McQueen v. General Motors Corp.

Doctoroff, J.

Defendant appeals by leave granted from an order of the Workers’ Compensation Appeal Board granting plaintiff an open-benefit award of $161 per week. We reverse.

Plaintiff was first employed by defendant on June 25, 1953. Over the next seventeen years, he experienced no cardiac trouble or chest pains.

In June, 1970, plaintiff’s job was to operate four grinder machines. This required him to reach up to conveyor belts to receive parts, two at a time, and then place the parts into sets of grinding machines. This process was repeated approximately once every sixty seconds. Approximately twenty grinding machines in the work area used an oil vapor to cool off the parts being ground. Plaintiff was continuously exposed to an atmosphere in which he breathed an oil mist.

On June 18, 1970, plaintiff was walking from the plant parking lot to begin work when he experienced a sudden onset of chest pains and loss of breath. Following a short rest, he began work. Approximately one hour later, the pains returned and plaintiff was examined by the first aid department, advised to see his family physician, and sent home. Later the same day, plaintiff was taken to the emergency room of a hospital and was subsequently admitted, remaining hospitalized for nine*421teen days. Plaintiff was treated for "possible” myocardial infarction.

Approximately months later, plaintiff returned to his job with work restrictions that he should lift no more than twenty-five pounds and should work no more than a forty-hour week. He was in a weakened physical condition and had trouble performing his job in a satisfactory manner.

On December 11, 1972, plaintiff experienced chest pains while working on his car. Thereafter, he went to work, where the pains continued. He was sent from work by ambulance to a hospital emergency room. Plaintiff took approximately one month off from work. When he returned to his job, he had difficulty keeping up with the pace necessary to achieve production levels.

Thereafter, plaintiff continued to complain of chest pains and weakness, and in July, 1973, he took six weeks of sick leave from work. He also missed work due to his heart condition during October of 1973 and 1974, January, 1975, and July and September, 1976. In September, 1976, plaintiff was hospitalized for chest pains.

When plaintiff returned to his job, he was restricted from lifting above his shoulders. He was soon given a different job inspecting steering housings. Because he could not keep pace with the job, he was transferred to inspecting spools, components of power steering units. Plaintiff held this position for approximately three months. Although plaintiff was restricted from lifting more than ten pounds, the spools weighed in excess of this restriction. Plaintiff continued to complain of chest pains and tired frequently.

In October, 1976, plaintiff was assigned to the job of sorting honing stones which weighed a few ounces each. This was restricted, light work with *422no production requirements so that plaintiff could work at his own pace. Plaintiff performed this job for three years. During this period of time, he was "farmed out” to perform other jobs.
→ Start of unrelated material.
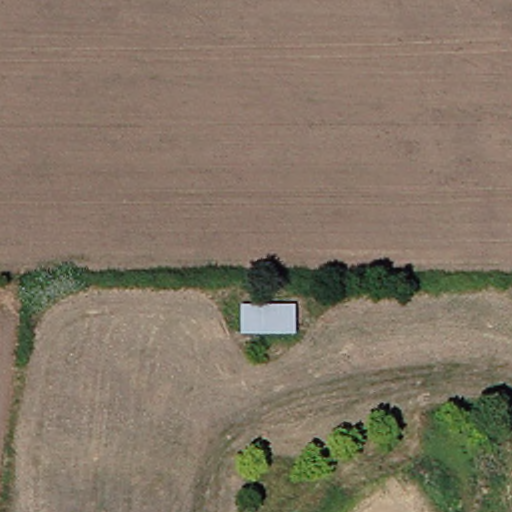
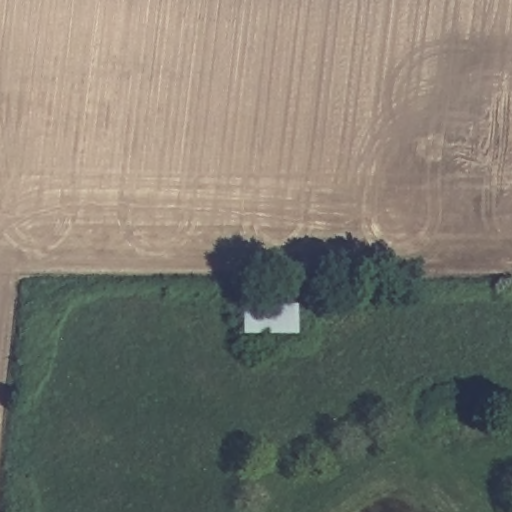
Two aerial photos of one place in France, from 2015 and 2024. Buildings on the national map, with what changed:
unchanged [(297,305),(297,336),(241,335),(239,306),(297,305)]

On October 12, 1979, plaintiff retired on the advice of his personal physician. He received a disability retirement pension from defendant for his cardiac problems. On August 28, 1980, plaintiff filed a petition for workers’ compensation benefits, alleging that strenuous physical labor and job pressure caused work-related nervous and heart conditions.

Following the submission of medical depositions and records, a hearing referee granted plaintiff an open award, which the wcab affirmed on appeal.1

Defendant claims on appeal that the wcab erred by finding a causal connection between plaintiff’s heart damage and his workplace, because the factual findings do not contain "specific incidents” sufficient to support an award of benefits.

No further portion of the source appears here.